Work to be completed
The entries below should be set down again exactly, with every picture left out.

Stored data

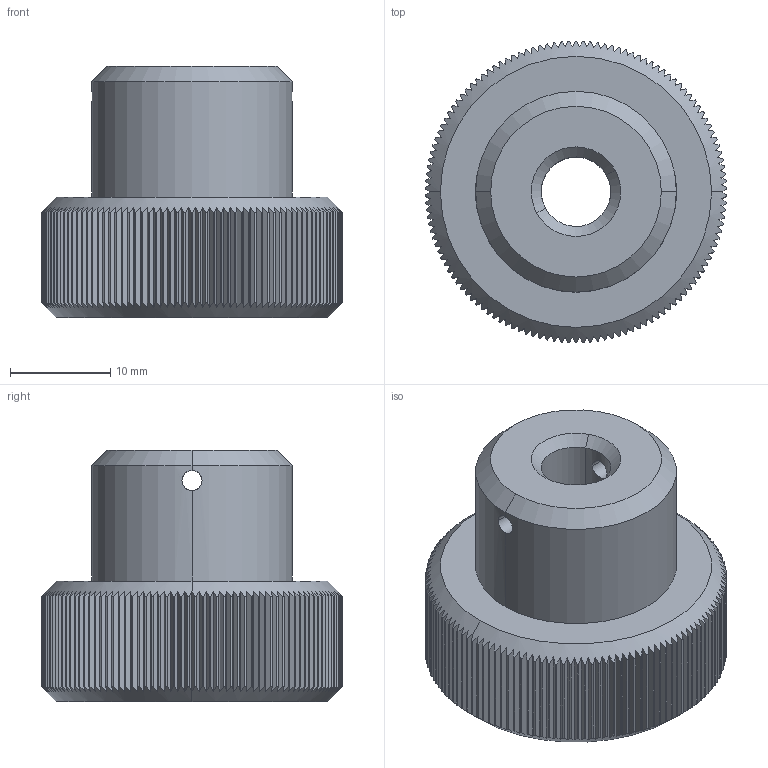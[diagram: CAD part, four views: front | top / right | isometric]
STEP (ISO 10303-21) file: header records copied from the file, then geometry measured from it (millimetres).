
FILE_DESCRIPTION(('CATIA V5 STEP Exchange'),'2;1');
FILE_NAME('cap_antrenare.stp','2010-10-28T13:57:17+00:00',('none'),('none'),'CATIA Version 5 Release 19 SP 2 (IN-10)','CATIA V5 STEP AP203','none');
FILE_SCHEMA(('CONFIG_CONTROL_DESIGN'));
Length unit declared in the file: millimetre
Products named in the file (1): cap_antrenare
Bounding box: 29.99 x 30 x 25 mm (x, y, z)
Volume: 8223.5 mm3; surface area: 4728.1 mm2
Topology: 1 solids, 1 shells, 412 faces, 1222 edges, 812 vertices
Faces by surface type: plane 264, cylinder 140, cone 8
Entity records: 13953 total; most frequent: CARTESIAN_POINT 4468, ORIENTED_EDGE 2444, DIRECTION 1244, EDGE_CURVE 1222, VERTEX_POINT 812, AXIS2_PLACEMENT_3D 558, B_SPLINE_CURVE_WITH_KNOTS 532, EDGE_LOOP 418

Response
[diagram: CAD part, four views: front | top / right | isometric]
STEP (ISO 10303-21) file: header records copied from the file, then geometry measured from it (millimetres).
FILE_DESCRIPTION(('CATIA V5 STEP Exchange'),'2;1');
FILE_NAME('cap_antrenare.stp','2010-10-28T13:57:17+00:00',('none'),('none'),'CATIA Version 5 Release 19 SP 2 (IN-10)','CATIA V5 STEP AP203','none');
FILE_SCHEMA(('CONFIG_CONTROL_DESIGN'));
Length unit declared in the file: millimetre
Products named in the file (1): cap_antrenare
Bounding box: 29.99 x 30 x 25 mm (x, y, z)
Volume: 8223.5 mm3; surface area: 4728.1 mm2
Topology: 1 solids, 1 shells, 412 faces, 1222 edges, 812 vertices
Faces by surface type: plane 264, cylinder 140, cone 8
Entity records: 13953 total; most frequent: CARTESIAN_POINT 4468, ORIENTED_EDGE 2444, DIRECTION 1244, EDGE_CURVE 1222, VERTEX_POINT 812, AXIS2_PLACEMENT_3D 558, B_SPLINE_CURVE_WITH_KNOTS 532, EDGE_LOOP 418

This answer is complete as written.